What you need to do:
Could you return each line of the material that has "width" in it?

Data shown:

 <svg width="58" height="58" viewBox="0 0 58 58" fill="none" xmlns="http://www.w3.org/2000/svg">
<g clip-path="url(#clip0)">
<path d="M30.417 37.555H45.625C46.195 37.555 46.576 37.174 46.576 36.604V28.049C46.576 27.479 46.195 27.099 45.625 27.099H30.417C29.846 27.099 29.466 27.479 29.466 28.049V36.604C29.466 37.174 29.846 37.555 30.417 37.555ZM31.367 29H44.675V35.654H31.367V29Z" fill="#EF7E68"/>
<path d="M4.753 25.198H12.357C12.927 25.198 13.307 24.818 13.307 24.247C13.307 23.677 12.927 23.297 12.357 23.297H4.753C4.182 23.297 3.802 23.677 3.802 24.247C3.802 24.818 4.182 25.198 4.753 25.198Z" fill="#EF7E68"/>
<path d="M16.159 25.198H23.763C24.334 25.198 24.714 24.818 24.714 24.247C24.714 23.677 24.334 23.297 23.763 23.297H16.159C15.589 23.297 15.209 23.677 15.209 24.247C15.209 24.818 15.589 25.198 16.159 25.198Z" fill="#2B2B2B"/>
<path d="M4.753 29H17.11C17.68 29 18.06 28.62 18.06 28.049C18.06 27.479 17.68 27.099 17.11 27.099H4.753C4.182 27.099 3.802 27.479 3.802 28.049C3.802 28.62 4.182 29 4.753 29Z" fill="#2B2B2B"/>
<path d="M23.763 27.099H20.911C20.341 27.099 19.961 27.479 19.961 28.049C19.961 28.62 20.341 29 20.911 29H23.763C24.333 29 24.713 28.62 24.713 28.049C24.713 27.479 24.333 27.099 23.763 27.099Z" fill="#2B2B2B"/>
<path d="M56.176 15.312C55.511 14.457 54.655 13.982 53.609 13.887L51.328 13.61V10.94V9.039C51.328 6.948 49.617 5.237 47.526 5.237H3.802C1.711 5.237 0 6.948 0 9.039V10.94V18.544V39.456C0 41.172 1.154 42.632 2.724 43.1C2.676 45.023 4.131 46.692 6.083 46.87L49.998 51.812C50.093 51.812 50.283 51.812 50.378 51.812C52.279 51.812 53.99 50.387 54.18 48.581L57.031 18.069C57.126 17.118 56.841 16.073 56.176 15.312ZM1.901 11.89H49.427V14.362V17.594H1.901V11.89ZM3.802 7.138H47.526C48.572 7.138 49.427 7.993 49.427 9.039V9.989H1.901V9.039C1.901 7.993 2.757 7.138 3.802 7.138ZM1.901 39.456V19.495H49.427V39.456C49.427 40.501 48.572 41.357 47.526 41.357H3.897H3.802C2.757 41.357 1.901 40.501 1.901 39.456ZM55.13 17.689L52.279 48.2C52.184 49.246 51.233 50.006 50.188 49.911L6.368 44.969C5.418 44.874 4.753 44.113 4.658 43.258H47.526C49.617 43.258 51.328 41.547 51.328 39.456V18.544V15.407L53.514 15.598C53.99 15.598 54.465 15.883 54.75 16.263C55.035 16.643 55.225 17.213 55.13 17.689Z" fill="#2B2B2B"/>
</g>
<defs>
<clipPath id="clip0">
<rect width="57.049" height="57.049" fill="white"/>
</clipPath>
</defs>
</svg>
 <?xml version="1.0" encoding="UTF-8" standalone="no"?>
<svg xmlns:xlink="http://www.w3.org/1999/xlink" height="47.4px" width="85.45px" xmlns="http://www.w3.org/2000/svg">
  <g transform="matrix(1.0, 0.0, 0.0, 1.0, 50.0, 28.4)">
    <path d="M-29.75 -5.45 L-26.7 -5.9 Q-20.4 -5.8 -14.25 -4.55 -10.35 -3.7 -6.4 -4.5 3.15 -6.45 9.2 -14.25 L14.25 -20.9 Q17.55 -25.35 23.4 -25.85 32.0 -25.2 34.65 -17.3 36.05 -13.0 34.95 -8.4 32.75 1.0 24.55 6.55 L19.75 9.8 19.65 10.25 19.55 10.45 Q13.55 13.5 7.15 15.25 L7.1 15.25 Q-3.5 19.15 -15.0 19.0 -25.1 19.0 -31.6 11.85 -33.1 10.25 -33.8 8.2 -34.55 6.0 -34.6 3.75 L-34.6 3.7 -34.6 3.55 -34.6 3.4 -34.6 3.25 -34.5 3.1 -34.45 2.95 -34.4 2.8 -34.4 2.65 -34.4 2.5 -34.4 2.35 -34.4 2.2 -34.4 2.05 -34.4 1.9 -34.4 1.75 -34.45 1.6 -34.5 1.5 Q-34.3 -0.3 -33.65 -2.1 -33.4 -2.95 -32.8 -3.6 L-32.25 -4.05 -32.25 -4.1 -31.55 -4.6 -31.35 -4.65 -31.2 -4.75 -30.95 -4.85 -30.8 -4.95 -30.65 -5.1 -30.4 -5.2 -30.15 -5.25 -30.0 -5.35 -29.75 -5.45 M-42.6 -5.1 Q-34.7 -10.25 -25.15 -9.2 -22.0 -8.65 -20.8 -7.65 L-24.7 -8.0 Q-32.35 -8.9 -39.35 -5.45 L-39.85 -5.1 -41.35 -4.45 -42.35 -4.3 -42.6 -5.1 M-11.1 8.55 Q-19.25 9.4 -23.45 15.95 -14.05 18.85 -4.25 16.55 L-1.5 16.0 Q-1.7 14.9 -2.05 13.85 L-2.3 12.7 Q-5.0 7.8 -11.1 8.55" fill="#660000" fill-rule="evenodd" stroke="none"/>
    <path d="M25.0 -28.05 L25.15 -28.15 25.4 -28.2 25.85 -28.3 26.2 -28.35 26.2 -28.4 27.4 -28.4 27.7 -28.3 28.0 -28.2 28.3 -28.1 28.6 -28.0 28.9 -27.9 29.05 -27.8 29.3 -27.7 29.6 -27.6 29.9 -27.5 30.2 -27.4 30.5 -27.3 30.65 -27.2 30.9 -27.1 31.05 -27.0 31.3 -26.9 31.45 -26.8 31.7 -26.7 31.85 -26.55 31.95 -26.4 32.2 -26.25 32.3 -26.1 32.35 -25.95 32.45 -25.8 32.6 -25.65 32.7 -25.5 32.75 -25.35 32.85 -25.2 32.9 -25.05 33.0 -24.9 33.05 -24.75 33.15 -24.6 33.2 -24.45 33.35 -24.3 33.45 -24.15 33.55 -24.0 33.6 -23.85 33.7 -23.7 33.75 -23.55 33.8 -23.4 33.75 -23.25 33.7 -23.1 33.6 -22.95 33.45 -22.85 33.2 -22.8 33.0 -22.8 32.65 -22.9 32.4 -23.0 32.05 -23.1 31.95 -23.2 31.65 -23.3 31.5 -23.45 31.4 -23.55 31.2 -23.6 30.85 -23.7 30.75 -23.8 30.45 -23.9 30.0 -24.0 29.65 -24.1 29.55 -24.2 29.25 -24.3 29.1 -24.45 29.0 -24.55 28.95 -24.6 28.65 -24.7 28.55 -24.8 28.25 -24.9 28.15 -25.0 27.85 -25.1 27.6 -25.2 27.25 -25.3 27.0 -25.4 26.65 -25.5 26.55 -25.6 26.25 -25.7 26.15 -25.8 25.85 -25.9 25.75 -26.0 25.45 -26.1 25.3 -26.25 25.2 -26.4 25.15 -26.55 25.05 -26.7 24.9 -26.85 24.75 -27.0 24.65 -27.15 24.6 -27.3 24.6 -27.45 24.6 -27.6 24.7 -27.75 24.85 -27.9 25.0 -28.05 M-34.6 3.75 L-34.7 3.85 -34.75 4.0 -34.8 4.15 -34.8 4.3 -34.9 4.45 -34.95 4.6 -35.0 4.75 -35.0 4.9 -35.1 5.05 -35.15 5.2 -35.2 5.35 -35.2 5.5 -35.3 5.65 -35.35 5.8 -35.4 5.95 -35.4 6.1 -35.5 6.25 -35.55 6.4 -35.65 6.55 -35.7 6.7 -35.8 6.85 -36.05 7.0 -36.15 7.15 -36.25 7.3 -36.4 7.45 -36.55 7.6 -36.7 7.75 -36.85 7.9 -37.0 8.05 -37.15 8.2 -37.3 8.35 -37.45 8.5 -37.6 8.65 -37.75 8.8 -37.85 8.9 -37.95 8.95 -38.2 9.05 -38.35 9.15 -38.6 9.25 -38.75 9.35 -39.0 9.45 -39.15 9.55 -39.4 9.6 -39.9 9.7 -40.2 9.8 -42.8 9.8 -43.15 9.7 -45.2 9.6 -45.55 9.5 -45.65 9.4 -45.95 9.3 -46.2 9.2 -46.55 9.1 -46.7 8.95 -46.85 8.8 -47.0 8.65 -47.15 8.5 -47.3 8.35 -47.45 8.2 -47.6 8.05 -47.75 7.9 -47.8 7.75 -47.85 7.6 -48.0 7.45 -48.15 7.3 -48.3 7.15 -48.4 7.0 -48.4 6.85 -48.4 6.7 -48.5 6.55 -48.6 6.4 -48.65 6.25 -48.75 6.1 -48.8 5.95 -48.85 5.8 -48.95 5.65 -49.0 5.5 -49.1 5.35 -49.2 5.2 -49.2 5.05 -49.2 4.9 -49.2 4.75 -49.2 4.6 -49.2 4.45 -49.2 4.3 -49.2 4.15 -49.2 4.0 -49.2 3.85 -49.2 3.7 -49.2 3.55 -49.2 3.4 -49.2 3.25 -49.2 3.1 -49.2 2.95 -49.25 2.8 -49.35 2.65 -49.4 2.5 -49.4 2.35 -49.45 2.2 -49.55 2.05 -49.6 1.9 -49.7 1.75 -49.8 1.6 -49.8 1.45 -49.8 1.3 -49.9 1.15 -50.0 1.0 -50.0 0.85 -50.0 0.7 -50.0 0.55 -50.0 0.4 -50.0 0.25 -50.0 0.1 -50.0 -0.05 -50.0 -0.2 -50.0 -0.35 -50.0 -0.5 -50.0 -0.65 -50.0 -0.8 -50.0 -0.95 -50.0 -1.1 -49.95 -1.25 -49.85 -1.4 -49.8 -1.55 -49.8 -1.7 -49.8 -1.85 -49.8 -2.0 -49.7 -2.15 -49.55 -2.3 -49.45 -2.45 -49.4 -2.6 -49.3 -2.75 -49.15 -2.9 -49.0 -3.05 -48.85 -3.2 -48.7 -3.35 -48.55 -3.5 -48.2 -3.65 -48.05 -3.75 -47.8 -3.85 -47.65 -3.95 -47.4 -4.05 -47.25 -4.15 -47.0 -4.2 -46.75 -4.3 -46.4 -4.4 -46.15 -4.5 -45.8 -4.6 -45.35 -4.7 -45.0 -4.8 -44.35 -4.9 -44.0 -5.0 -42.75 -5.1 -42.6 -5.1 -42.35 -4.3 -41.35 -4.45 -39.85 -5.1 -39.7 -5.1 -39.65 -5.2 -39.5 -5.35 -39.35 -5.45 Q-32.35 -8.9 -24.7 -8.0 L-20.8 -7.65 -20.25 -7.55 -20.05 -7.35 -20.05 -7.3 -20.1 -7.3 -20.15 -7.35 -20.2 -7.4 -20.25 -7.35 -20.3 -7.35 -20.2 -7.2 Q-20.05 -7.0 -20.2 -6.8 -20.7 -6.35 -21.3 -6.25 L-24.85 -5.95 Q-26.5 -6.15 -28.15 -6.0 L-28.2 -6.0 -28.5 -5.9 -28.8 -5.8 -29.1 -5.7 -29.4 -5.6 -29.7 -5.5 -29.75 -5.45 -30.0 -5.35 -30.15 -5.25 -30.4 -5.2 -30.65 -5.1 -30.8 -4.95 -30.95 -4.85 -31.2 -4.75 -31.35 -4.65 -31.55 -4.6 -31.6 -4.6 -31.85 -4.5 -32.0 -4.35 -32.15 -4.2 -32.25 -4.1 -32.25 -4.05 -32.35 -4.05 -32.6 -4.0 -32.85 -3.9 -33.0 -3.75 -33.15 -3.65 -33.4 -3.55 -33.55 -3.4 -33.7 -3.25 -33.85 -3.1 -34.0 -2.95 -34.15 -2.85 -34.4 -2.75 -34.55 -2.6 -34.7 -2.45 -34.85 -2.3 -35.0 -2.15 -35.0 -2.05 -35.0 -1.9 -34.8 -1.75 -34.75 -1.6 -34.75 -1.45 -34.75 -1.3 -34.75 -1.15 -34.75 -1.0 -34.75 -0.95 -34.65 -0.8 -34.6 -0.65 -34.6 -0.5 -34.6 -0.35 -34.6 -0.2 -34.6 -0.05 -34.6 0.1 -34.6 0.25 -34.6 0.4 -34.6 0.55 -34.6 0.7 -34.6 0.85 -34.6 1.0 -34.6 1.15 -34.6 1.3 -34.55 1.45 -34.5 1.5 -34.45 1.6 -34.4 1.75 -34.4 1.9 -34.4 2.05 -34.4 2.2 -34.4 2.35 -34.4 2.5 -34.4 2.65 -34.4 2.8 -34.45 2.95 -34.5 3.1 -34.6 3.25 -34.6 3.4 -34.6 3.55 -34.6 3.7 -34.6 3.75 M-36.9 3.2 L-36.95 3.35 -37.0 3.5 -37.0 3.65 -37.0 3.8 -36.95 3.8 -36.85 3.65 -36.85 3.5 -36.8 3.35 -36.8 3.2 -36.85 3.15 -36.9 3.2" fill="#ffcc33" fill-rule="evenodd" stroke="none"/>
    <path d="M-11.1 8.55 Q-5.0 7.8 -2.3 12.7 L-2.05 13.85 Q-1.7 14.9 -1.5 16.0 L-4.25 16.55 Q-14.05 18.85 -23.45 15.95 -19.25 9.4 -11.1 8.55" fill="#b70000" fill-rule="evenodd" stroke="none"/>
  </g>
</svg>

Answer to this task:
 <svg width="58" height="58" viewBox="0 0 58 58" fill="none" xmlns="http://www.w3.org/2000/svg">
<rect width="57.049" height="57.049" fill="white"/>
<svg xmlns:xlink="http://www.w3.org/1999/xlink" height="47.4px" width="85.45px" xmlns="http://www.w3.org/2000/svg">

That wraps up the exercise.